What you need to do
Look through the data below. Collect every line where the word "butter" occurs.

Extracted information
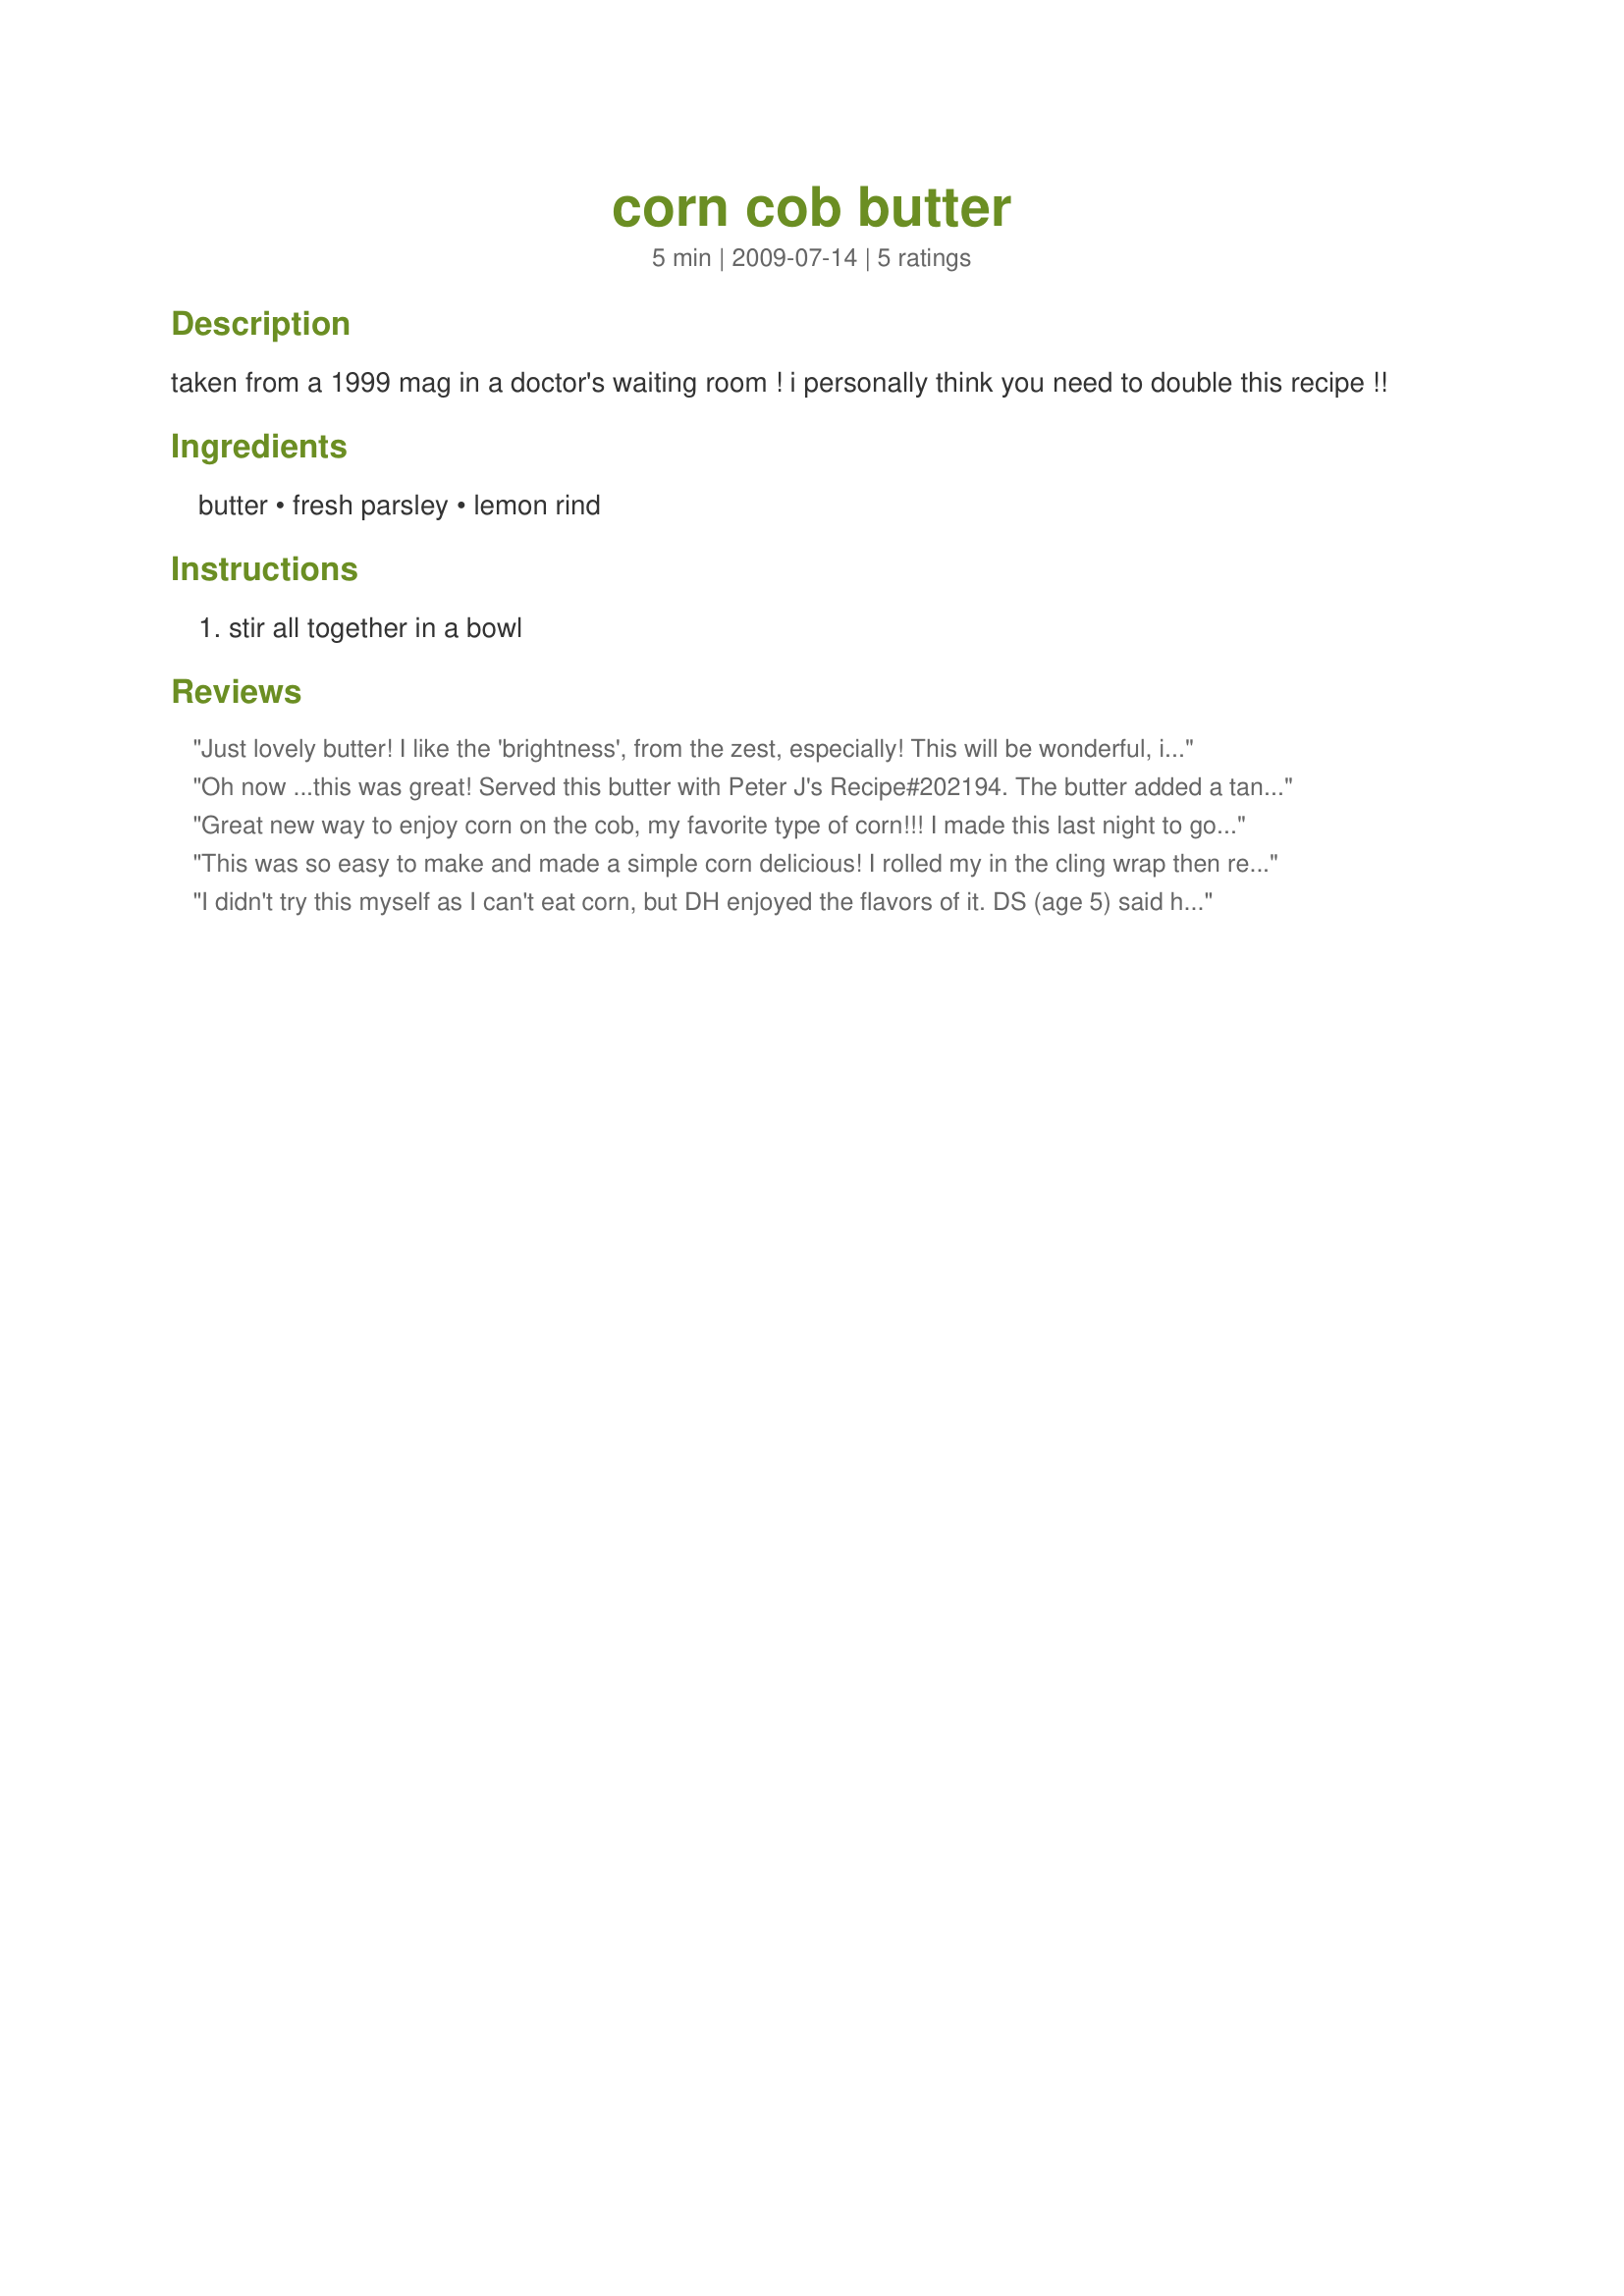
corn cob butter
Preparation time: 5 minutes

taken from a 1999 mag in a doctor's waiting room ! i personally think you need to double this recipe !!

Ingredients:
butter, fresh parsley, lemon rind

Steps:
stir all together in a bowl

Reviews:
Just lovely butter! I like the 'brightness', from the zest, especially! This will be wonderful, in the summer, when corn is in season. This just gives me another reason to love summer! Thanks so much for sharing, Kate!
Oh now ...this was great! Served this butter with Peter J's Recipe#202194. The butter added a tangy taste to one of my favourite corn recipes. DS and I adored this. This made enough for about 4 cobs of corn.
Another great recipe. Thanks so much katew!
Great new way to enjoy corn on the cob, my favorite type of corn!!! I made this last night to go along with our dinner, ribs and simple side dish of red skins( recipe#222273) and it was great. I was lazy and used dried lemon zest and parsley, but it still added a nice citrus zip/tang to the corn. Next time I will definitely use fresh zested lemons, to me parsley doesn't add a lot of flavor, so I would still use the dried herb. Definitely a repeat here at our house!!! Thanks for sharing the recipe and a new way to enjoy corn on the cob. Made for Holiday Tag Game.
This was so easy to make and made a simple corn delicious! I rolled my in the cling wrap then refrigerated until I needed it. Then to serve I sliced to give it a pretty shape. Thanks so much for posting your recipe katew
I didn't try this myself as I can't eat corn, but DH enjoyed the flavors of it. DS (age 5) said he liked it, although I think mostly he just noticed corn! I'd like to try this on green beans, too--maybe other vegs as well. Thanks so much for sharing this recipe, kate! Made for Everyday is a Holiday tag game.
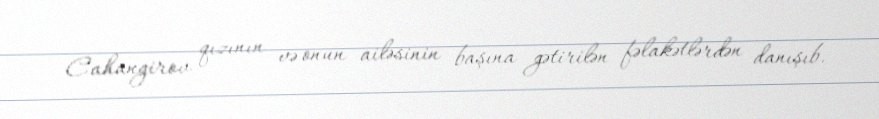
Cahangirov qızının və onun ailəsinin başına gətirilən fəlakətlərdən danışıb.
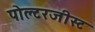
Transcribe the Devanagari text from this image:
पोल्टरजीस्ट
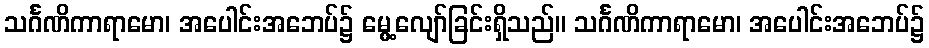
သင်္ဂဏိကာရာမော၊ အပေါင်းအဘေပ်၌ မွေ့လျော်ခြင်းရှိသည်။ သင်္ဂဏိကာရာမော၊ အပေါင်းအဘေပ်၌
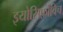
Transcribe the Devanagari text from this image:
इयोसिफ़ोविच
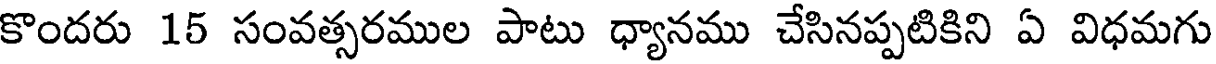
కొందరు 15 సంవత్సరముల పాటు ధ్యానము చేసినప్పటికిని ఏ విధమగు
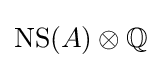
\mathrm {NS} (A)\otimes \mathbb {Q}
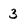
Character: 3
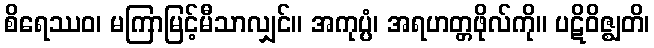
စိရေဿဝ၊ မကြာမြင့်မီသာလျှင်။ အကုပ္ပံ၊ အရဟတ္တဖိုလ်ကို။ ပဋိဝိဇ္ဈတိ၊
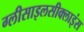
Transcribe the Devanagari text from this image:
ग्लीसाइलसीक्लाइंस
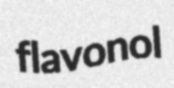
flavonol

Response below
corn cob butter
butter, fresh parsley, lemon rind
Just lovely butter! I like the 'brightness', from the zest, especially! This will be wonderful, in the summer, when corn is in season. This just gives me another reason to love summer! Thanks so much for sharing, Kate!
Oh now ...this was great! Served this butter with Peter J's Recipe#202194. The butter added a tangy taste to one of my favourite corn recipes. DS and I adored this. This made enough for about 4 cobs of corn.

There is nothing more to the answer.